(Records drawn from a dataset)
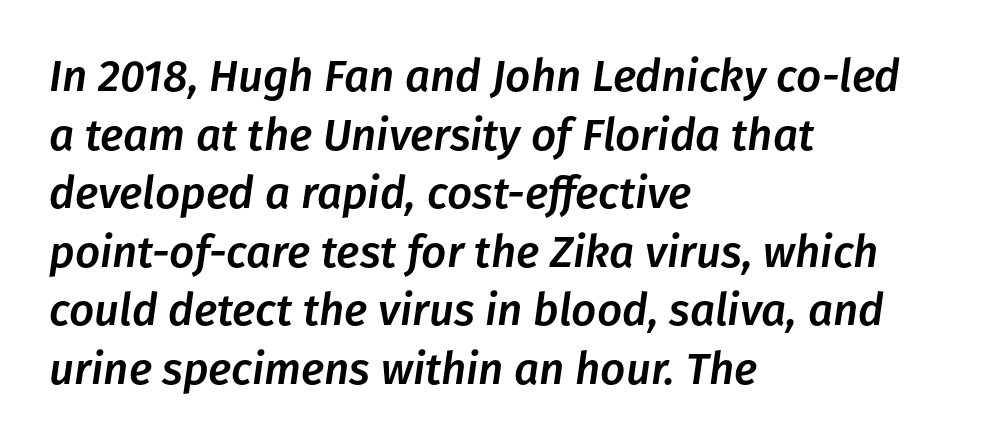
Q: Is the text italic (slanted)? A: Yes, it leans right by about 8 degrees.
Q: Is the text underlined? A: No.
Q: How is the paragraph aligned? A: Left-aligned.
Q: Is the spacing between letters normal or unusually wide? A: Normal.
Q: Is the spacing between lines tight, normal or loose? A: Normal.
Q: Width (condensed, normal, or wide)? A: Normal.
Q: Stroke contrast? A: Low.
Q: x-height? A: Medium.
Q: Monospaced? A: No.
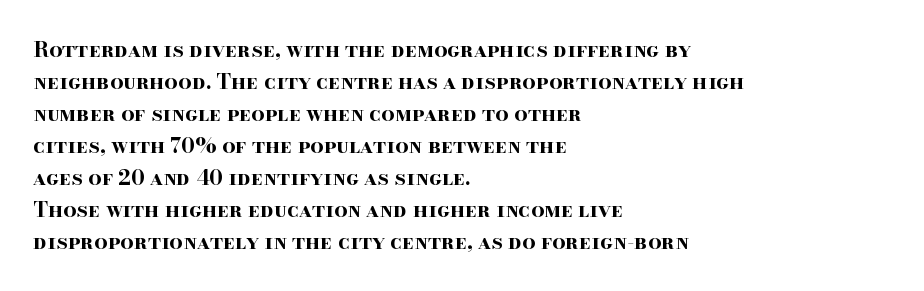
Q: Is the text bold? A: Yes.
Q: Is the text italic (slanted)? A: No, it is upright.
Q: Is the text underlined? A: No.
Q: How is the paragraph aligned? A: Left-aligned.
Q: Is the spacing between letters normal or unusually wide? A: Normal.
Q: Is the spacing between lines tight, normal or loose? A: Normal.
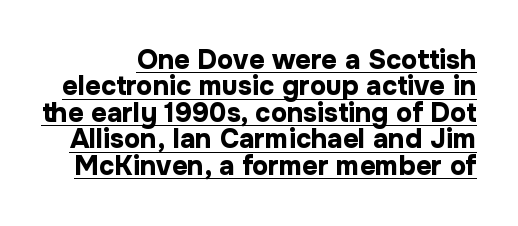
{"italic": "no", "bold": "yes", "underline": "yes", "line_spacing": "tight", "line_spacing_ratio": 0.98, "letter_spacing": "normal", "letter_spacing_em": 0.0, "glyph_px": 27}
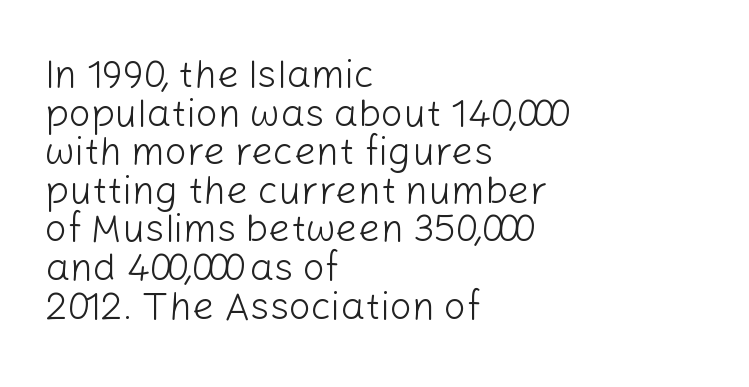
I'd call this a sans setting — the letters go barefoot. Caption: multi-line text, flush left, ragged right. The passage shown is typed in a proportional face where columns would drift. Stem width sits at or under what a default text font uses. Here the glyphs are tracked normally, forming tight word shapes. Compared with typical paragraphs, the rows here are closer together.
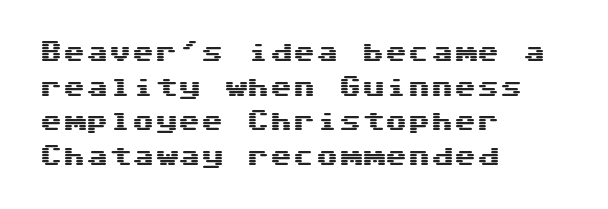
{"italic": "no", "underline": "no", "align": "left", "line_spacing": "normal", "line_spacing_ratio": 1.51, "letter_spacing": "normal", "letter_spacing_em": 0.0, "glyph_px": 23}

### [Assignment]
The expected output is every entry above, character for character, with no pictures.

### [Solution for this exercise]
Q: Is the text italic (slanted)? A: Yes, it leans right by about 8 degrees.
Q: Is the text underlined? A: No.
Q: How is the paragraph aligned? A: Left-aligned.
Q: Is the spacing between letters normal or unusually wide? A: Normal.
Q: Is the spacing between lines tight, normal or loose? A: Normal.
Q: Width (condensed, normal, or wide)? A: Normal.
Q: Stroke contrast? A: Low.
Q: x-height? A: Medium.
Q: Monospaced? A: No.
Q: Is the text bold? A: Yes.
Q: Is the text italic (slanted)? A: No, it is upright.
Q: Is the text underlined? A: No.
Q: How is the paragraph aligned? A: Left-aligned.
Q: Is the spacing between letters normal or unusually wide? A: Normal.
Q: Is the spacing between lines tight, normal or loose? A: Normal.
{"italic": "no", "bold": "yes", "underline": "yes", "line_spacing": "tight", "line_spacing_ratio": 0.98, "letter_spacing": "normal", "letter_spacing_em": 0.0, "glyph_px": 27}
I'd call this a sans setting — the letters go barefoot. Caption: multi-line text, flush left, ragged right. The passage shown is typed in a proportional face where columns would drift. Stem width sits at or under what a default text font uses. Here the glyphs are tracked normally, forming tight word shapes. Compared with typical paragraphs, the rows here are closer together.
{"italic": "no", "underline": "no", "align": "left", "line_spacing": "normal", "line_spacing_ratio": 1.51, "letter_spacing": "normal", "letter_spacing_em": 0.0, "glyph_px": 23}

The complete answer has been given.